▶ [Stored data]:
↓↓↓

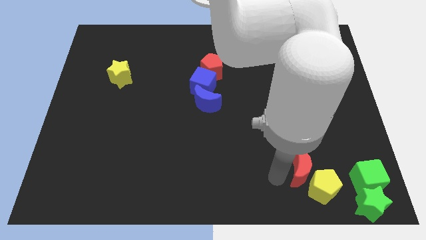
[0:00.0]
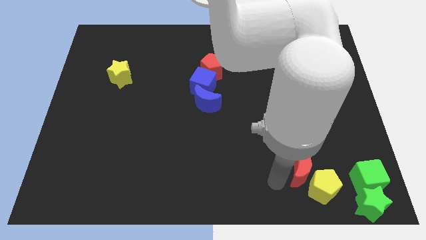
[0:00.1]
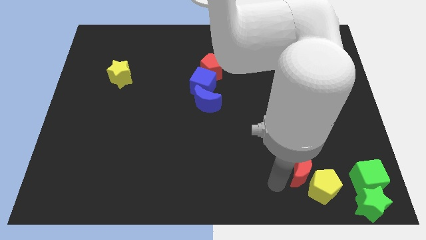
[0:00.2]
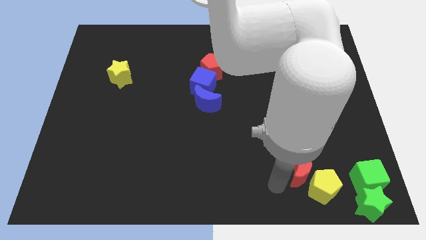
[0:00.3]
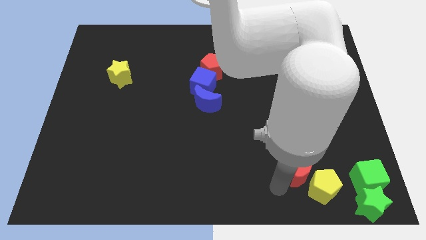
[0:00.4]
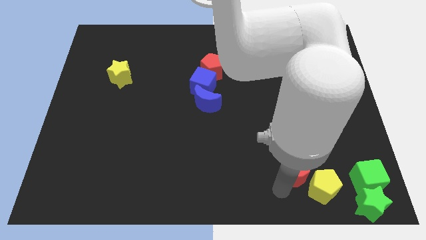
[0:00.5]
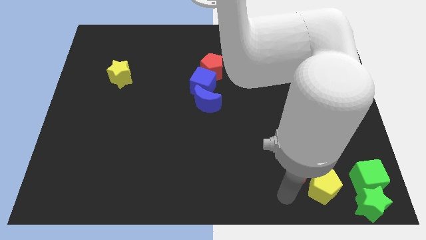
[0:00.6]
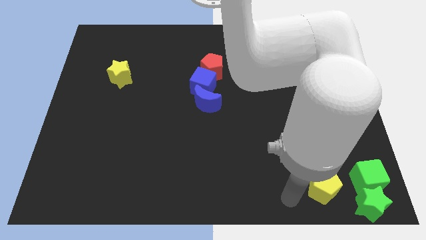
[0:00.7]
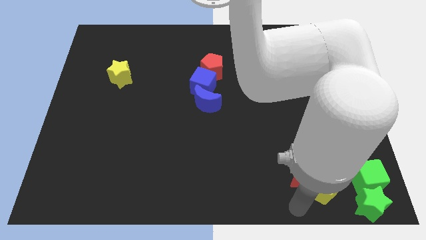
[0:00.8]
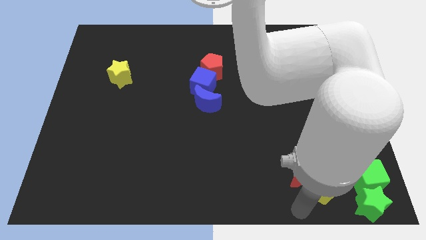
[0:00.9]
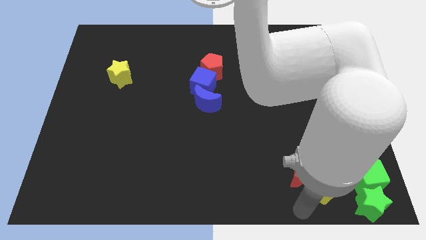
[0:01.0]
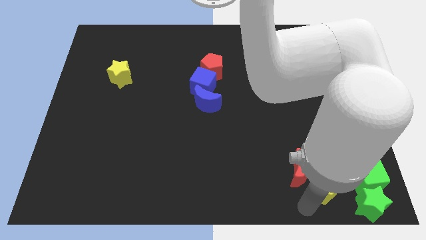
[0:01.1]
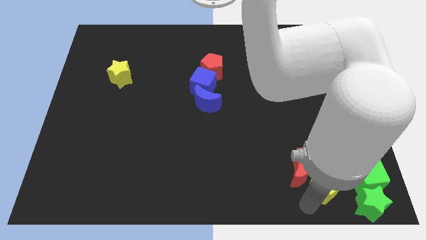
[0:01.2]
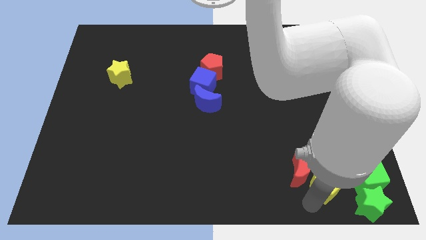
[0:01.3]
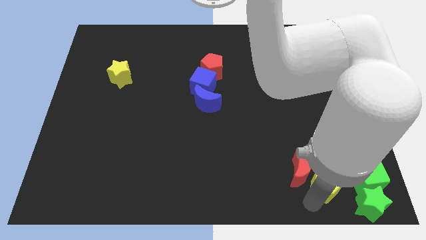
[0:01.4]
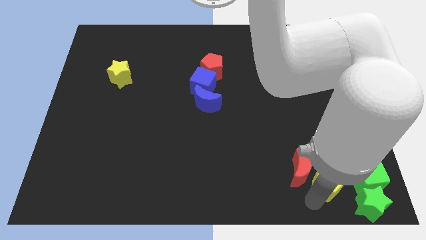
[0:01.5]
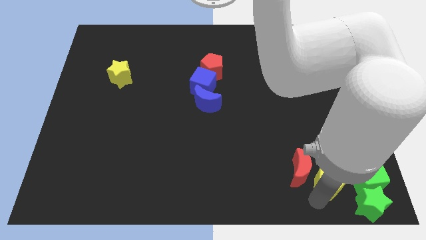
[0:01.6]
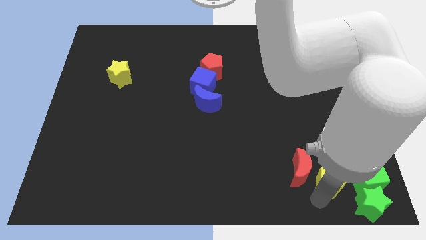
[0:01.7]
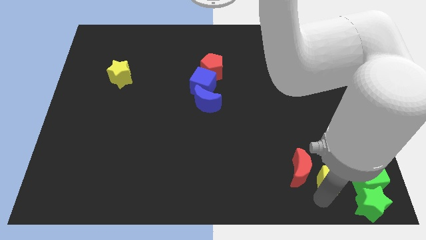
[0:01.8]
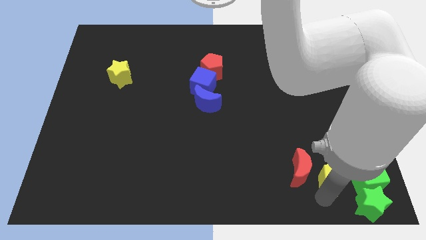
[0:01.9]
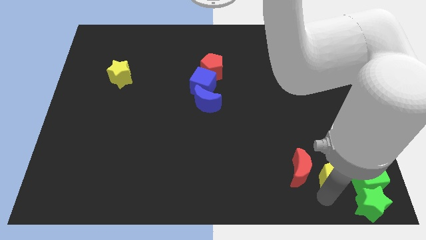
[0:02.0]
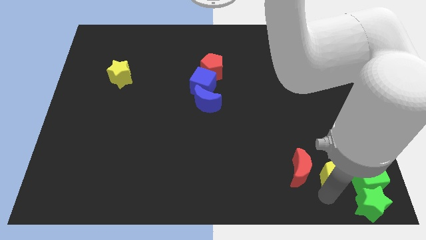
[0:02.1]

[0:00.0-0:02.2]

↑↑↑

▶ [To do]: Transcribe each record above exactly, leaving every picture out of the copy.

▶ [Output of the task]:
[0:00.0]
[0:00.1]
[0:00.2]
[0:00.3]
[0:00.4]
[0:00.5]
[0:00.6]
[0:00.7]
[0:00.8]
[0:00.9]
[0:01.0]
[0:01.1]
[0:01.2]
[0:01.3]
[0:01.4]
[0:01.5]
[0:01.6]
[0:01.7]
[0:01.8]
[0:01.9]
[0:02.0]
[0:02.1]

[0:00.0-0:02.2]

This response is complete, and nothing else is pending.